#### Given entries

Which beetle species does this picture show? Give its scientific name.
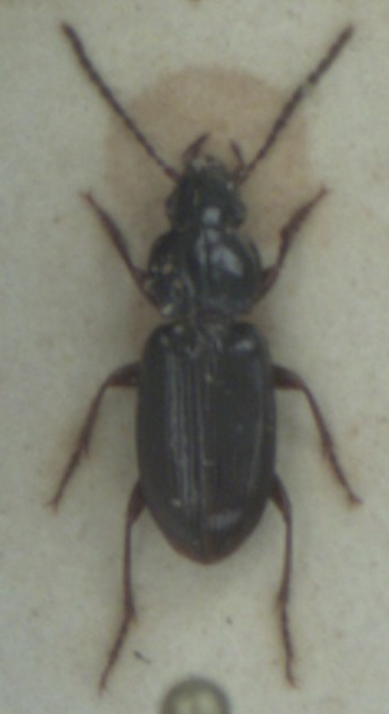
Pterostichus minor
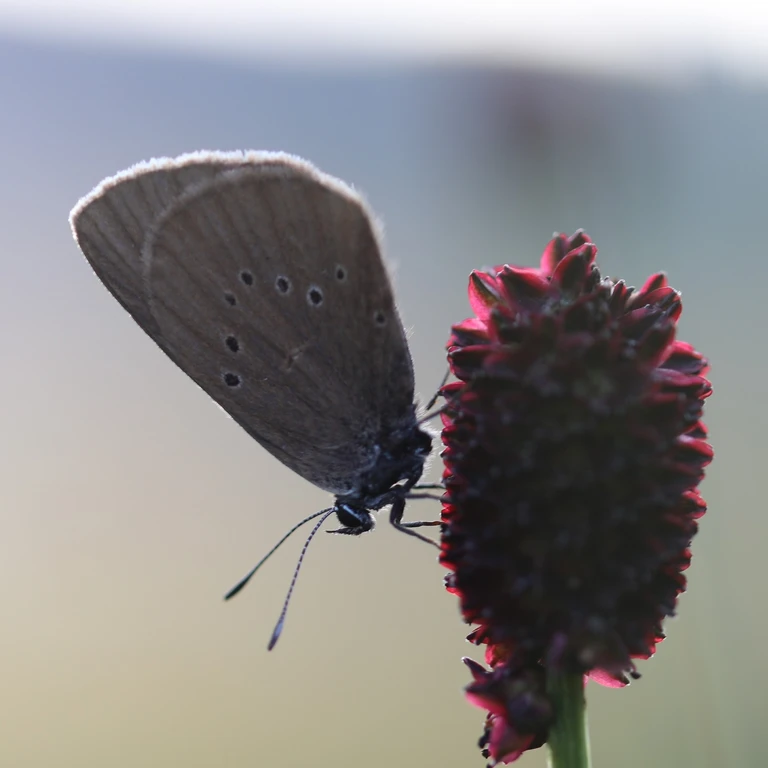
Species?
Phengaris nausithous (also Maculinea nausithous)
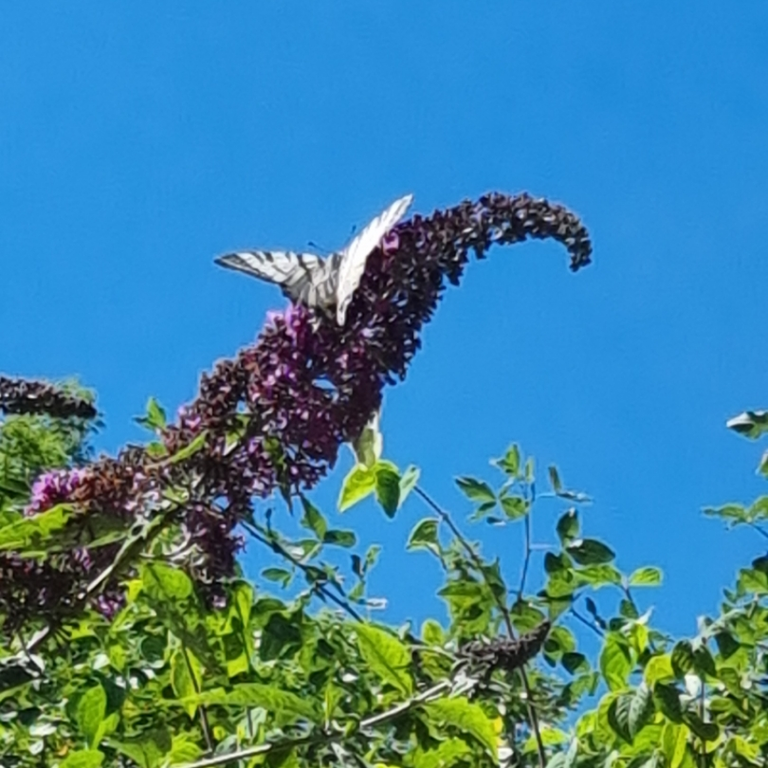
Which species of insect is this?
Iphiclides podalirius
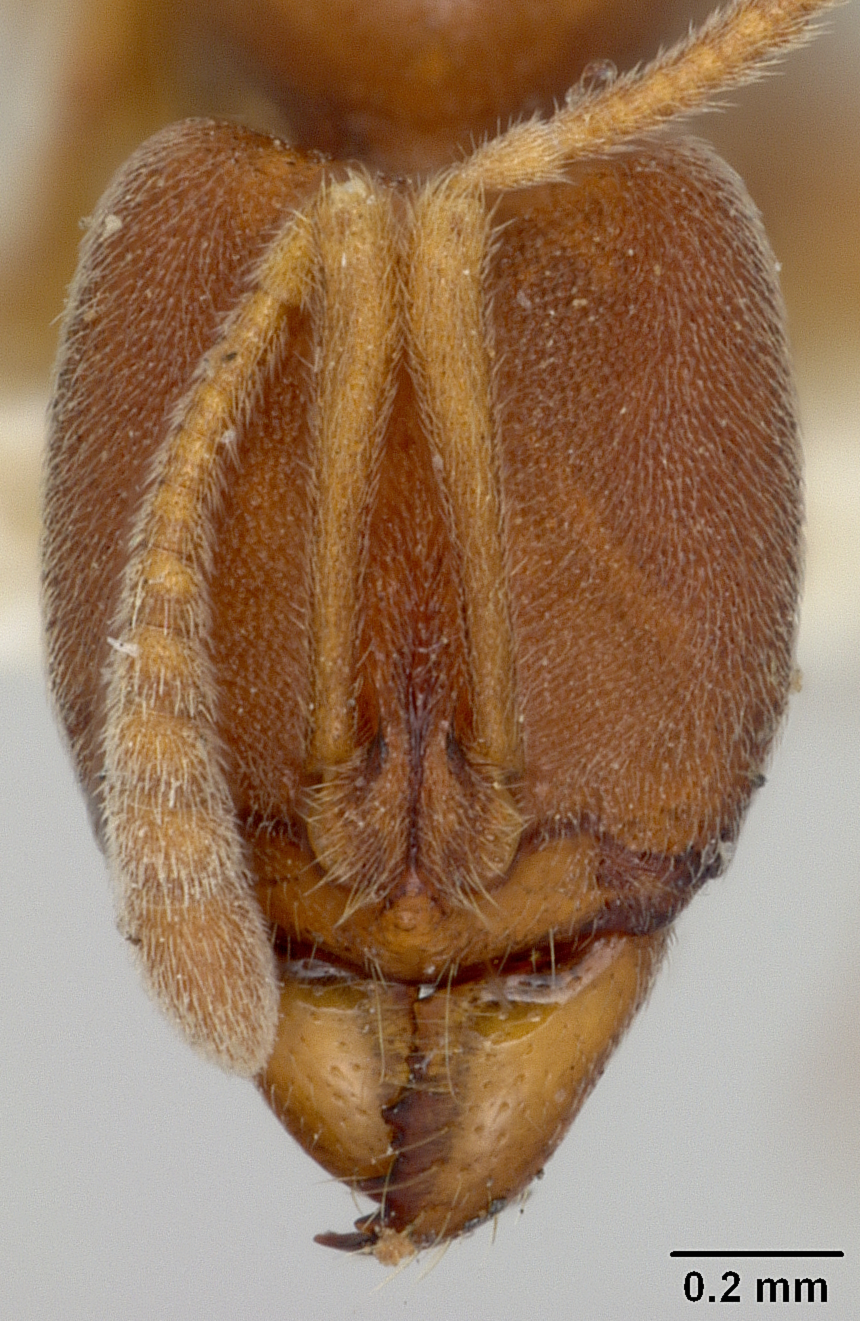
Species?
Ponera turaga

########

● **Problem to work on**: What comes back should match the records exactly, minus any pictures.

● **Exercise output**:
Which beetle species does this picture show? Give its scientific name.
Pterostichus minor
Species?
Phengaris nausithous (also Maculinea nausithous)
Which species of insect is this?
Iphiclides podalirius
Species?
Ponera turaga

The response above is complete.